Also, we judge the difficulty of things by our own experience. It took us ~1 billion years to get to the point where we could communicate abstract ideas and play chess. These were once believed to be the challenging problems in AI.

It turned out that chess is easy we're just relatively bad at it.


Chess is easy when you have the hardware to effectively brute force it. Once someone develops an algorithm that requires an order of moves comparable to a human, and significantly outperforms a human, then AI will be interesting.


I find it somewhat understandable from non-tech people. I’m more surprised at now much people within the tech world but the hype.


The big tech companies are demonstrably using deep learning to solve previously unsolvable problems. It's a significant advance.

What's yet to be seen is if startups can profit from this advance, since it depends on massive data and compute.


AlphaGo is interesting. But what big new problems have been solved? (rather than incrementally improved).


The big results as far as I understand:

- Image recognition

- Winning the games computers hadn't won already

- Incremental progress on translation. Plus translation that doesn't need as many domain experts

- Self-driving cars (with related automation applications)

Of image there, image recognition stands out as the big leap and the rest are relatively incremental. One of the things with the other applications is that they provide a recipe format that's more systematic than previous approaches. A lot of vision approaches pre-deep-learning were very hit-or-miss. Deep learning has a lot of black art involved in effective training and a lot of time investment but my impression it is more reliable than what came before.

Any other examples welcome


You forgot speech recognition.


This isn't related to alpha go as such, but we can now predict which citizens are going to need help raising their children by having a machine cross reference their case history with public records.

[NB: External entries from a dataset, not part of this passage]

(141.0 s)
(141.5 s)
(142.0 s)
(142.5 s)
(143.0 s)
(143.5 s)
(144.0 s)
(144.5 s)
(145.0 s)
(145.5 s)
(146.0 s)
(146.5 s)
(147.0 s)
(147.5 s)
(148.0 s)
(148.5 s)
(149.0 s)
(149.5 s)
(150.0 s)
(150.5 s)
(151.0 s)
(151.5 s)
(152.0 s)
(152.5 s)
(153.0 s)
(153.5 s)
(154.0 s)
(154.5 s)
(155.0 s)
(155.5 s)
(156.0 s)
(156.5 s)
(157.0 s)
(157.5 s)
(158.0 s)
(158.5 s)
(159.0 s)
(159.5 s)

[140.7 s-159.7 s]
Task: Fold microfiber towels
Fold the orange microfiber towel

It's not legal yet, but it will be, because it will potentially save lives (and money).


Well, "big new" sounds like a destructive qualification. Why can't it be "big" and "old"? https://arxiv.org/pdf/1712.01208.pdf



Looks like great incremental progess. Have you seen the state of Japanese<->English translation? It’s almost completely useless.

I really don’t see this as a huge win for deep learning, anything else?

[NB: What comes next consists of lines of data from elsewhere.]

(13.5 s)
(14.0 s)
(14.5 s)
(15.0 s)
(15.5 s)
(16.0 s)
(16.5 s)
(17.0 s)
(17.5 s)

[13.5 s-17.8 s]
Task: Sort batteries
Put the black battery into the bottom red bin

Whether progress is incremental is an ill defined question. I don't consider "super human translation" to be incremental. The key point here is that deep learning has produced significant results. I'm not sure why you care to argue semantics.


Well, I’m interested in understanding how valuable deep learning is and if lives up to the hype.

Better translation of European languages (which wasn’t a totally unsolved problem anyway) doesn’t seem to be something that really lives up to the hype.

Particularly as the article cited doesn’t seem to back up its statements very well.

So... anything else?


If super human translation doesn't impress you, what will?


The article doesn’t make that statement. The article doesn’t provide data to support any statements (it’s a pop science piece).

The original blog:

https://research.googleblog.com/2016/09/a-neural-network-for...

Is better suggests deep learning resulted in maybe 10% improvement. Isn’t as good as human in all cases.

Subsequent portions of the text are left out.